*MATERIALS PROVIDED*:
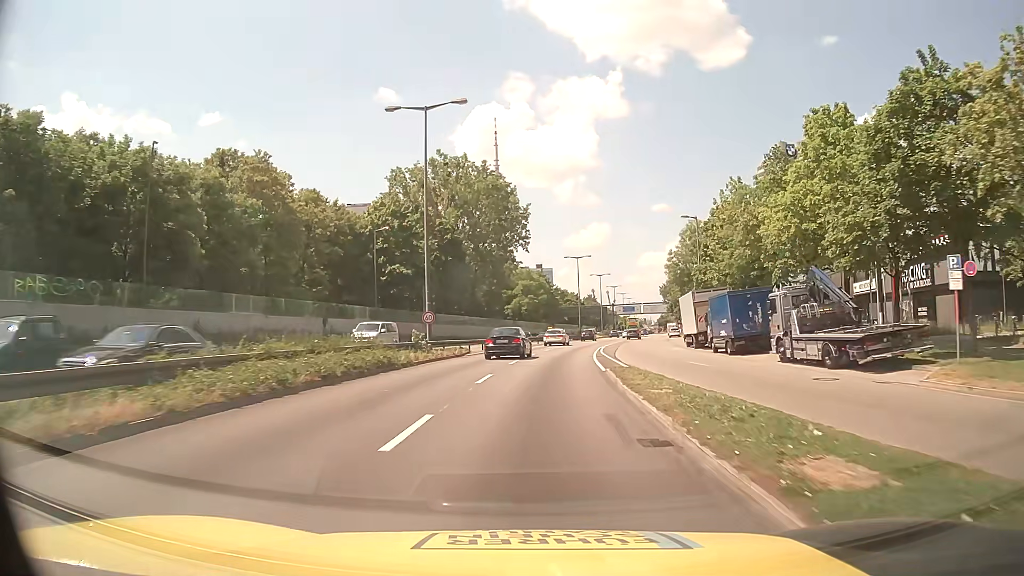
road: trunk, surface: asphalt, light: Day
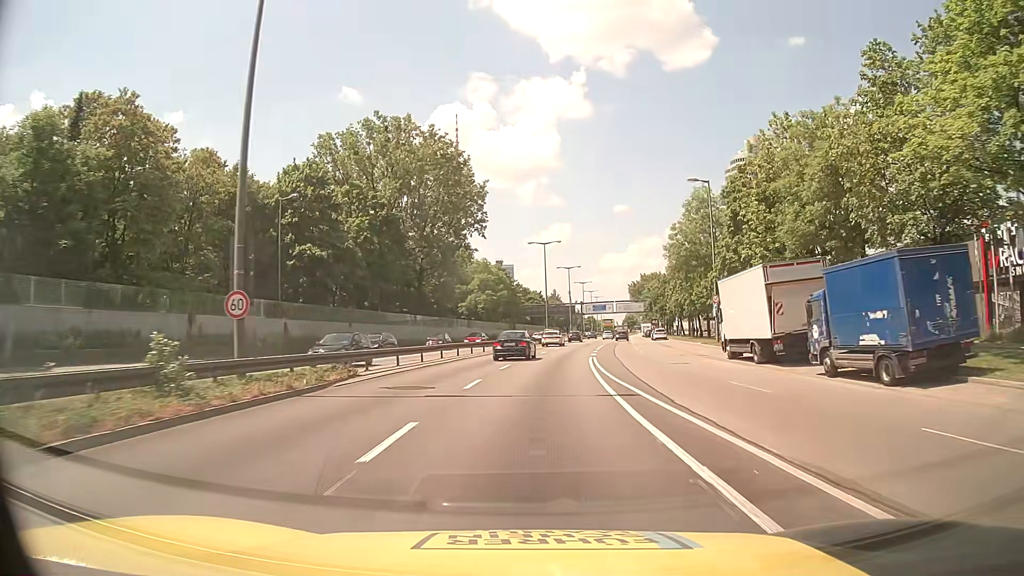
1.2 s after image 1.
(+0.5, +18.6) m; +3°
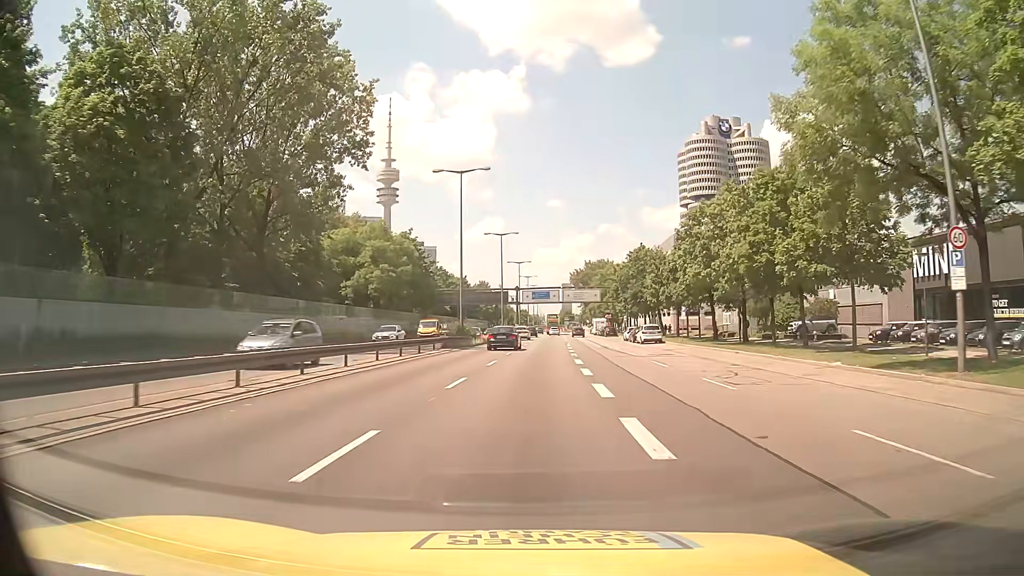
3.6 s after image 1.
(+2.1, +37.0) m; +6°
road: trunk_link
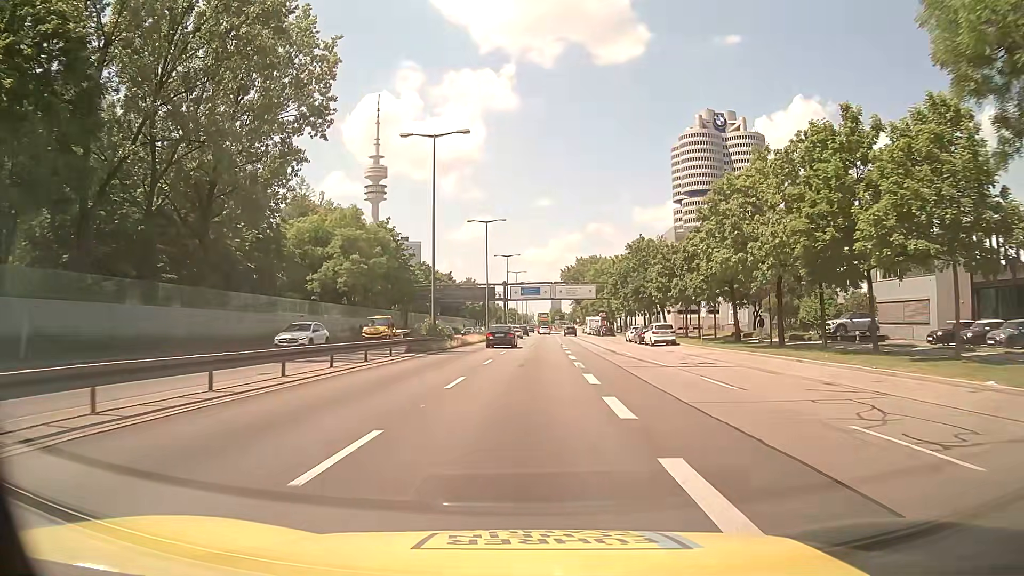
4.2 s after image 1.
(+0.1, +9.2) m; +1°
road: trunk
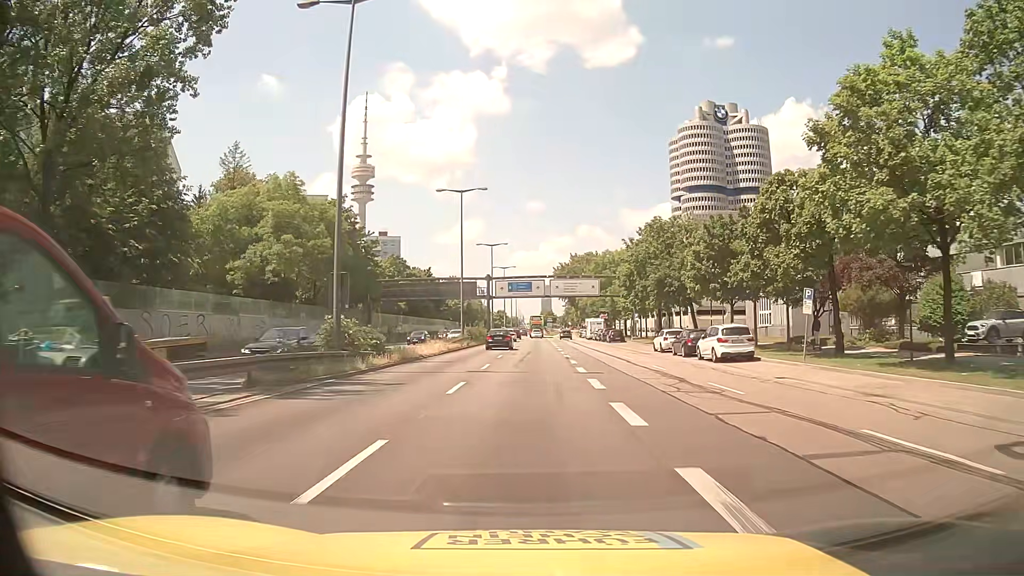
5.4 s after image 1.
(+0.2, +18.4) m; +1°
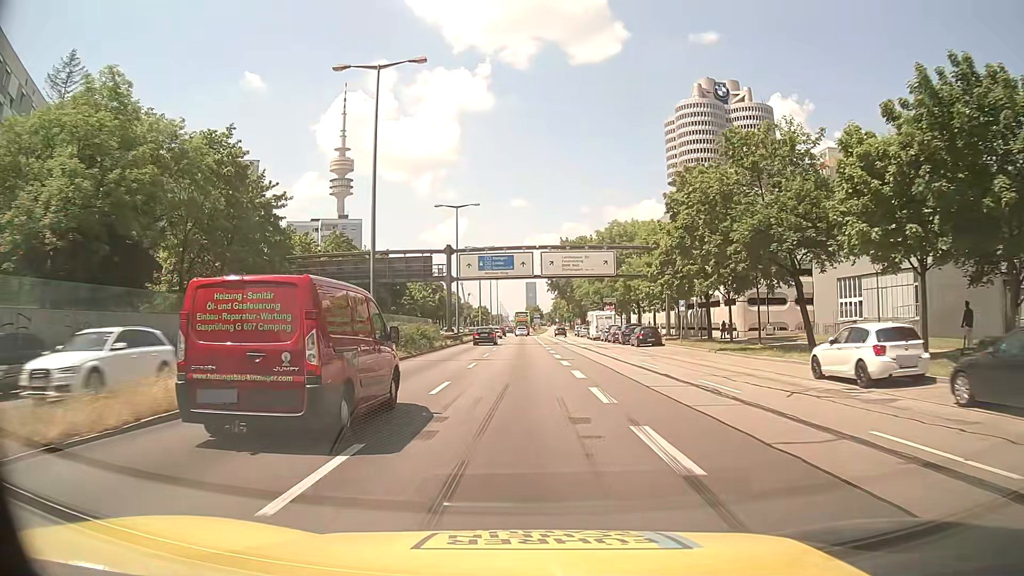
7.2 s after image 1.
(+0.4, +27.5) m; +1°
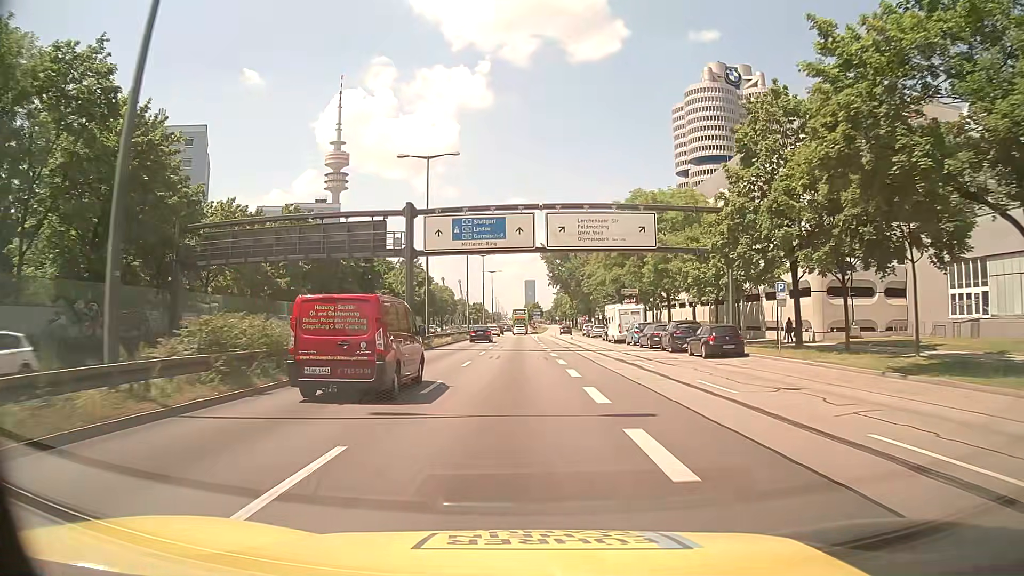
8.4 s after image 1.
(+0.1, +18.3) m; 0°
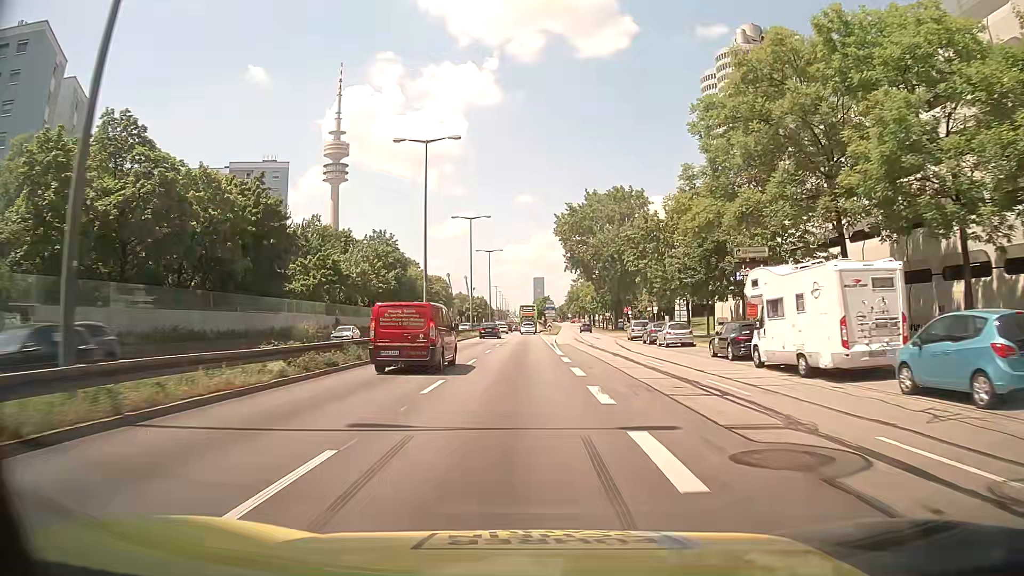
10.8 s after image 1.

*GOAL OF THE EXERCISE*:
Please retype the lines from the one containing "3.6 s after image 1." through the last line of the records above, exactly as written, and leave out any pictures.

*REPLY*:
3.6 s after image 1.
(+2.1, +37.0) m; +6°
road: trunk_link
4.2 s after image 1.
(+0.1, +9.2) m; +1°
road: trunk
5.4 s after image 1.
(+0.2, +18.4) m; +1°
7.2 s after image 1.
(+0.4, +27.5) m; +1°
8.4 s after image 1.
(+0.1, +18.3) m; 0°
10.8 s after image 1.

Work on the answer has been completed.